À coup de filtres, de hashtags, de likes, les réseaux sociaux influencent notre perception du corps. Et si c’est parfois pour le meilleur, comme avec le mouvement body positif qui aide à s’accepter, c’est aussi encore trop souvent pour le pire. Troubles du comportement alimentaire, narcissisme… des jeunes analysent l’impact d’internet sur la construction de leur estime personnelle.

« Je voyais plein de nanas qui étaient anorexiques. Ça influence vachement »

Les réseaux sociaux sont capables du meilleur comme du pire. S’ils aident certains à s’accepter, d’autres subissent de plein fouet les innombrables photos d’influenceurs au physique de rêve et les commentaires haineux dont ils font l’objet sur leur propre profil.

Dans un reportage réalisé par Les Hauts-Parleurs, Nina, jeune photographe, raconte son expérience pas toujours heureuse des réseaux sociaux. « Je voyais plein de nanas qui étaient anorexiques. Ça influence vachement », dit-elle.

Nina
Nina se confie sur son expérience des réseaux sociaux

Même chose du côté de Camille devenue très complexée par sa poitrine généreuse. « Instagram ça m’a fait vachement complexer. Dès que je mettais une photo de moi j’avais l’impression qu’on voyait que mon décolleté, que j’étais une paire de seins quoi. Alors que toutes ces filles filiformes, elles pouvaient s’exhiber en maillot de bain sans qu’on leur dise rien du tout », témoigne-t-elle.

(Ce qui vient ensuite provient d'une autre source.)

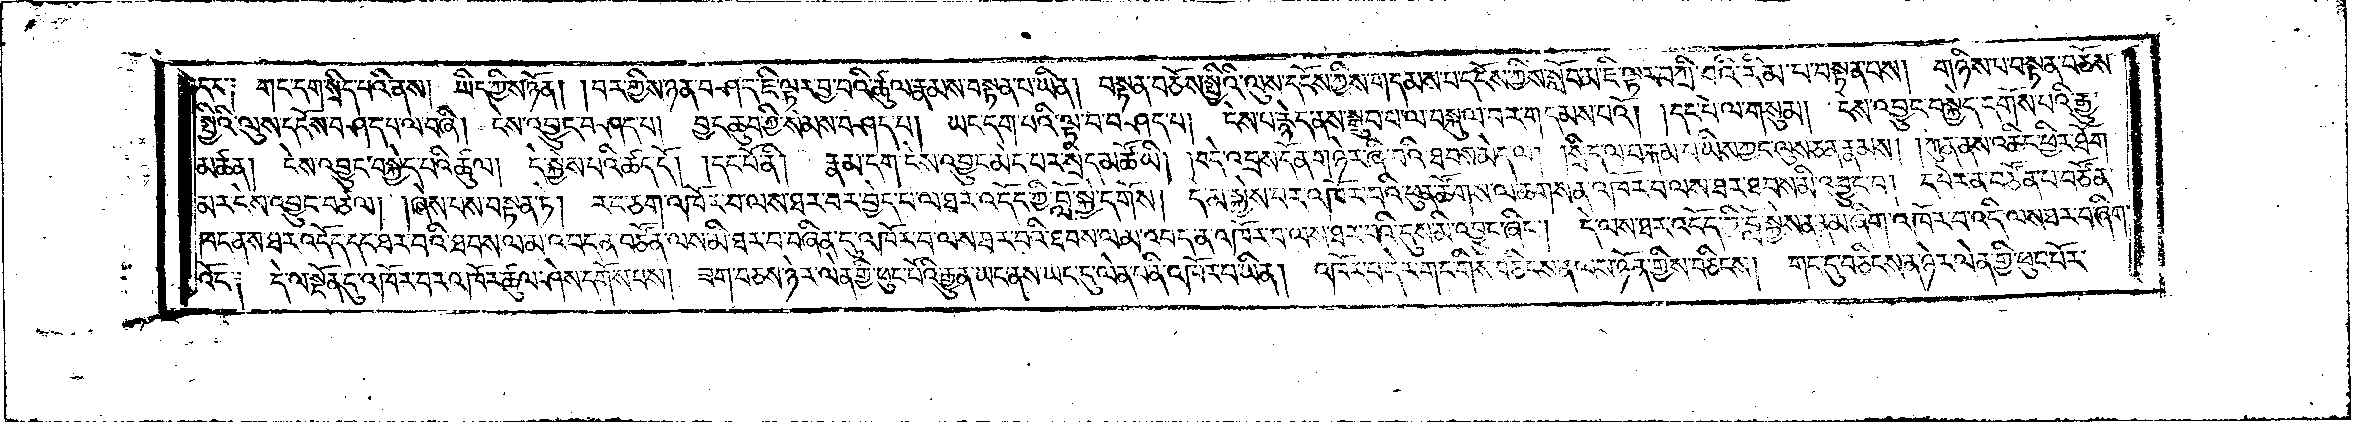དང༑ གང་དག་སྲིད་པའི་ནས། ཡིད་ཀྱིས་ཉོན། །བར་གྱིས་ཉན་བཤད་ཇི་ལྟར་བྱ་བའི་ཚུལ་རྣམས་བསྟན་པ་ཡིན། བསྟན་བཅོས་སྤྱིའི་ལུས་དངོས་ཀྱིས་གདམས་པ་དངོས་ཀྱིས་སློབ་མ་ཇི་ལྟར་བཀྲི་བའི་རིམ་པ་བསྟན་པས། གཉིས་པ་བསྟན་བཅོས་
སྤྱིའི་ལུས་དངོས་བཤད་པ་ལ་བཞི། ངེས་འབྱུང་བཤད་པ། བྱང་ཆུབ་ཀྱི་སེམས་བཤད་པ། ཡང་དག་པའི་ལྟ་བ་བཤད་པ། ངེས་པ་རྙེད་ནས་སྒྲུབ་པ་ལ་བསྐུལ་བར་གདམས་པའོ། །དང་པོ་ལ་གསུམ། ངེས་འབྱུང་བསྐྱེད་དགོས་པའི་རྒྱུ་
མཚན། ངེས་འབྱུང་བསྐྱེད་པའི་ཚུལ། དེ་སྐྱེས་པའི་ཚད་དོ། །དང་པོ་ནི། རྣམ་དག་ངེས་འབྱུང་མེད་པར་སྲིད་མཚོ་ཡི། །བདེ་འབྲས་དོན་གཉེར་ཞི་བའི་ཐབས་མེད་ལ། །སྲིད་ལ་བརྐམ་པ་ཡིས་ཀྱང་ལུས་ཅན་རྣམས། །ཀུན་ནས་འཆིང་ཕྱིར་ཐོག་
མར་ངེས་འབྱུང་བཙལ། །ཞེས་པས་བསྟན་ཏེ། རང་ཅག་འཁོར་བ་ལས་ཐར་བར་བྱེད་པ་ལ་ཐར་འདོད་ཀྱི་བློ་སྐྱེ་དགོས། དེ་མ་སྐྱེས་པར་འཁོར་བའི་ཕུན་ཚོགས་ལ་ཆགས་ན་འཁོར་བ་ལས་ཐར་ཐབས་མི་འབྱུང་བ། དཔེར་ན་བཙོན་པ་བཙོན་
ཁང་ནས་ཐར་འདོད་དང་ཐར་བའི་ཐབས་ལ་མ་འབད་ན་བཙོན་ལས་མི་ཐར་བ་བཞིན་དུ་འཁོར་བ་ལས་ཐར་བའི་ཐབས་ལ་མ་འབད་ན་འཁོར་བ་ལས་ཐར་བའི་དུས་མི་འབྱུང་ཞིང་། དེ་ལས་ཐར་འདོད་ཀྱི་བློ་སྐྱེས་ན་ནམ་ཞིག་འཁོར་བ་འདི་ལས་ཐར་བ་ཞིག་
འོང༑ དེ་ལ་སྔོན་དུ་འཁོར་བར་འཁོར་ཚུལ་ཤེས་དགོས་པས། ཟག་བཅས་ཉེར་ལེན་གྱི་ཕུང་པོའི་རྒྱུན་ཡང་ནས་ཡང་དུ་ལེན་པ་ནི་འཁོར་བ་ཡིན། འཁོར་བ་དེར་གང་གིས་བཅིངས་ན་ལས་ཉོན་གྱིས་བཅིངས། གང་དུ་བཅིངས་ན་ཉེར་ལེན་གྱི་ཕུང་པོར་
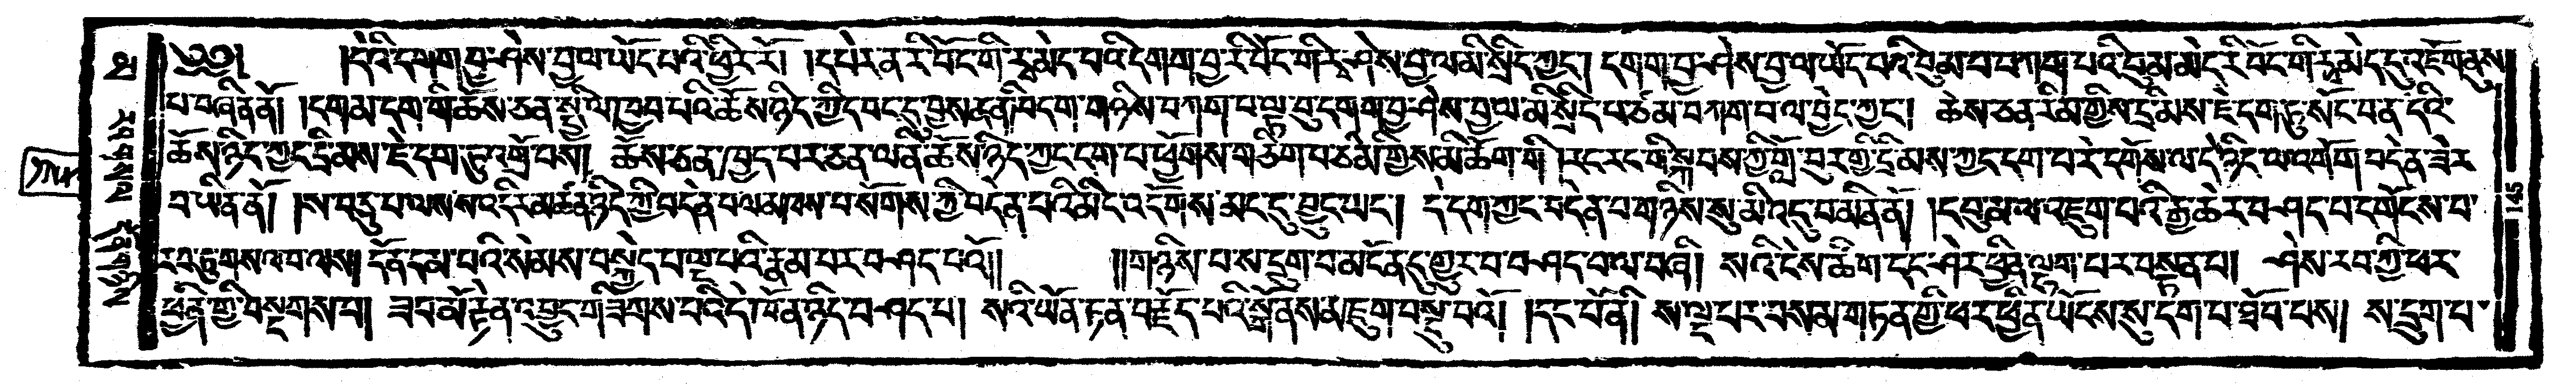༄༅། །དེའི་དགག་བྱ་ཤེས་བྱ་ལ་ཡོད་པའི་ཕྱིར་རོ། །དཔེར་ན་རི་བོང་གི་རྭ་མེད་པའི་དགག་བྱ་རི་བོང་གི་རྭ་ཤེས་བྱ་ལ་མི་སྲིད་ཀྱང་། དགག་བྱ་ཤེས་བྱ་ལ་ཡོད་པའི་བུམ་པ་བཀག་པའི་བུམ་མེད་རི་བོང་གི་རྭ་མེད་དུ་འཇོག་ནུས་
པ་བཞིན་ནོ། །དག་མ་དག་གི་ཆོས་ཅན་སྤྱི་ལ་ཁྱབ་པའི་ཆོས་ཉིད་ཀྱི་དབང་དུ་བྱས་ན་ནི། བདག་གཉིས་བཀག་པ་ལྟ་བུ་དགག་བྱ་ཤེས་བྱ་ལ་མི་སྲིད་པ་ཙམ་བཀག་པ་ལ་བྱེད་ཀྱང་། ཆོས་ཅན་རིམ་གྱིས་དྲི་མས་ཇེ་དག་ཏུ་སོང་བ་ན་དེའི་
ཆོས་ཉིད་ཀྱང་དྲི་མས་ཇེ་དག་ཏུ་འགྲོ་བས། ཆོས་ཅན་ཁྱད་པར་ཅན་ལ་ནི་ཆོས་ཉིད་ཀྱང་དག་པ་ཕྱོགས་གཅིག་པ་ཙམ་གྱིས་མི་ཆོག་གི །རང་རང་གི་སྐབས་ཀྱི་གློ་བུར་གྱི་དྲི་མས་ཀྱང་དག་པ་རེ་དགོས་ལ་དེ་ཉིད་ལ་འགོག་བདེན་ཟེར་
བ་ཡིན་ནོ། །ས་བཅུ་པ་ལས་ས་འདིར་མཚན་ཉིད་ཀྱི་བདེན་པ་ལ་མཁས་པ་སོགས་ཀྱི་བདེན་པའི་མིང་འདོགས་མང་དུ་བྱུང་ཡང་། དེ་དག་ཀྱང་བདེན་པ་གཉིས་སུ་མི་འདུ་བ་མིན་ནོ། །དབུ་མ་ལ་འཇུག་པའི་རྒྱ་ཆེར་བཤད་པ་དགོངས་པ་
རབ་ཏུ་གསལ་བ་ལས། དོན་དམ་པའི་སེམས་བསྐྱེད་པ་ལྔ་པའི་རྣམ་པར་བཤད་པའོ།། །།གཉིས་པ་ས་དྲུག་པ་མངོན་དུ་གྱུར་པ་བཤད་པ་ལ་བཞི། སའི་ངེས་ཚིག་དང་ཤེར་ཕྱིན་ལྷག་པར་བསྟན་པ། ཤེས་རབ་ཀྱི་ཕར་
ཕྱིན་གྱི་བསྔགས་པ། ཟབ་མོ་རྟེན་འབྱུང་གཟིགས་པའི་དེ་ཁོ་ན་ཉིད་བཤད་པ། སའི་ཡོན་ཏན་བརྗོད་པའི་སྒོ་ནས་མཇུག་བསྡུ་བའོ། །དང་པོ་ནི། ས་ལྔ་པར་བསམ་གཏན་གྱི་ཕར་ཕྱིན་ཡོངས་སུ་དག་པ་ཐོབ་པས། ས་དྲུག་པ་
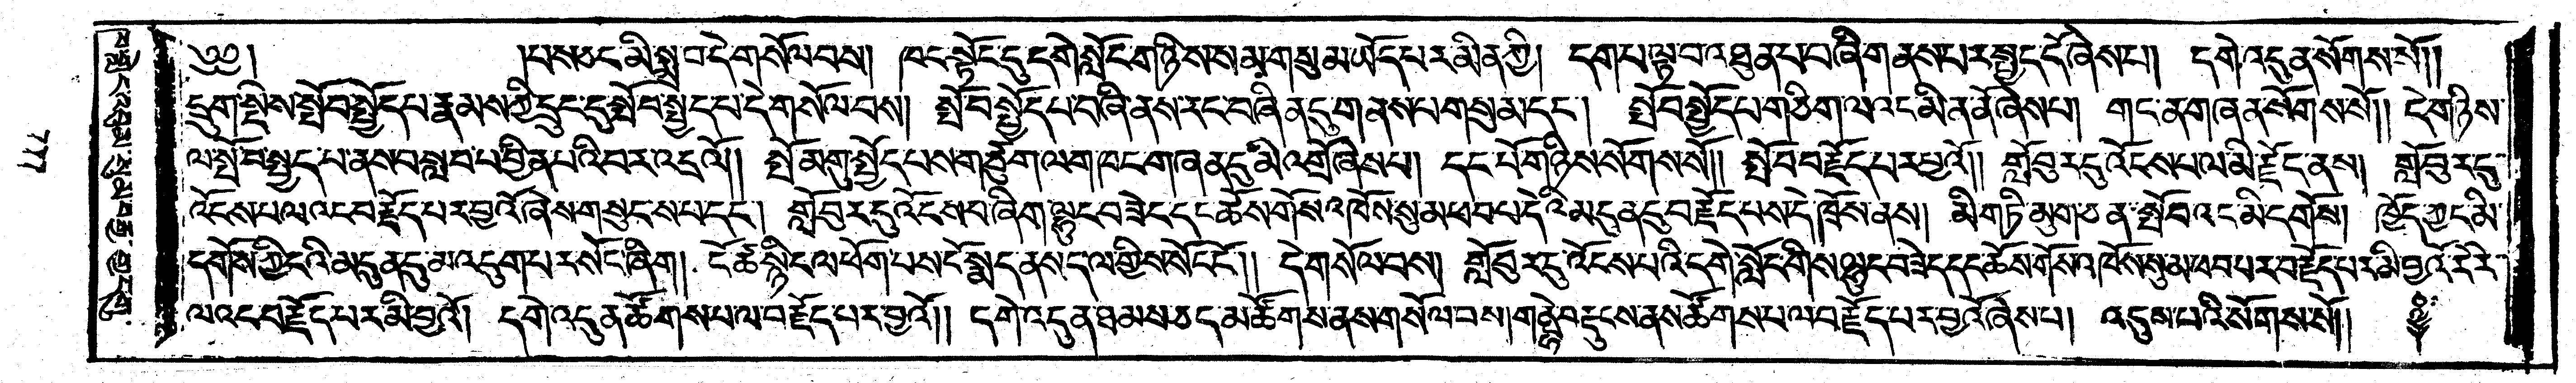༄༅། །པས་ཅང་མི་སྨྲ་བ་དེ་གསོལ་བས། ཁང་སྟོང་དུ་དགེ་སློང་གཉིས་སམ་གསུམ་ཡོད་པར་མིན་ཀྱི། དག་པ་ལྟ་བ་འཐུན་པ་བཞི་གནས་པར་སྤྱད་དོ་ཞེས་པ། དགེ་འདུན་སོགས་སོ།།
དྲུག་སྡེས་སྤོ་བ་སྤྱོད་པ་རྣམས་ཀྱི་དྲུང་དུ་སྤོ་བ་སྤྱད་པ་དེ་གསོལ་བས། སྤོ་བ་སྤྱོད་པ་བཞི་ནས་རང་བཞིན་དུ་གནས་པ་གསུམ་དང་། སྤོ་བ་སྤྱོད་པ་གཅིག་ལའང་མིན་ནོ་ཞེས་པ། གང་ན་གཞན་སོགས་སོ།། དེ་གཉིས་
ལ་སྤོ་བ་སྤྱད་པ་ནས་བསླབ་པ་བྱིན་པའི་བར་འདྲའོ།། སྤོ་མགུ་སྤྱོད་པས་གཙུག་ལག་ཁང་གཞན་དུ་མི་འགྲོ་ཞེས་པ། དང་པོ་གཉིས་སོགས་སོ།། སྤོ་བ་བརྗོད་པར་བྱའོ།། གློ་བུར་དུ་འོངས་པ་ལ་མི་རྗོད་ནས། གློ་བུར་དུ་
འོངས་པ་ལའང་བརྗོད་པར་བྱའོ་ཞེས་གསུངས་པ་དང་། གློ་བུར་དུ་འོངས་པ་ཞིག་ལྷུང་བཟེད་དང་ཆོས་གོས་འཁོས་སུ་མ་ཕབ་པ་དེའི་མདུན་དུ་བརྗོད་པས་དེ་ཁྲོས་ནས། མི་གཏི་མུག་ཅན་སྤོ་བའང་མི་དགོས། ཁྱོད་ཀྱང་མི་
དགོས་ཀྱི་ངའི་མདུན་དུ་མ་འདུག་པར་སོང་ཞིག། ངོ་ཚ་སྙིང་ལ་ཕོག་པས་ངོ་སྨད་ནས་ད་ལ་གྱིས་སོང་ངོ།། དེ་གསོལ་བས། གློ་བུར་དུ་འོངས་པའི་དགེ་སློང་གིས་ལྷུང་བཟེད་དང་ཆོས་གོས་འཁོས་སུ་མ་ཕབ་པར་བརྗོད་པར་མི་བྱའོ་རེ་རེ་
ལའང་བརྗོད་པར་མི་བྱའོ། དགེ་འདུན་ཚོགས་པ་ལ་བརྗོད་པར་བྱའོ།། དགེ་འདུན་ཐམས་ཅད་མཚོགས་ནས་གསོལ་བས། གནྡྷེ་བརྡུངས་ནས་ཚོགས་པ་ལ་བརྗོད་པར་བྱའོ་ཞེས་པ། འདུས་པའི་སོགས་སོ།། ༈

Et c’est bien là le problème. Si les réseaux sociaux influencent notre perception du corps, c’est qu’ils nous forcent à nous voir à travers le regard des autres, un regard pas toujours bienveillant et bien placé. En témoigne la petite anecdote d’Emma, étudiante, à ce sujet. « Une fois j’avais mis une photo sur Instagram où j’étais sur une moto. Et la seule chose qui est ressortie tout le temps c’est que j’avais mes fesses en gros plan sur le truc. C’est le seul commentaire qui est revenu à chaque fois. Je m’attendais pas trop à ça donc ça m’a fait un peu drôle ».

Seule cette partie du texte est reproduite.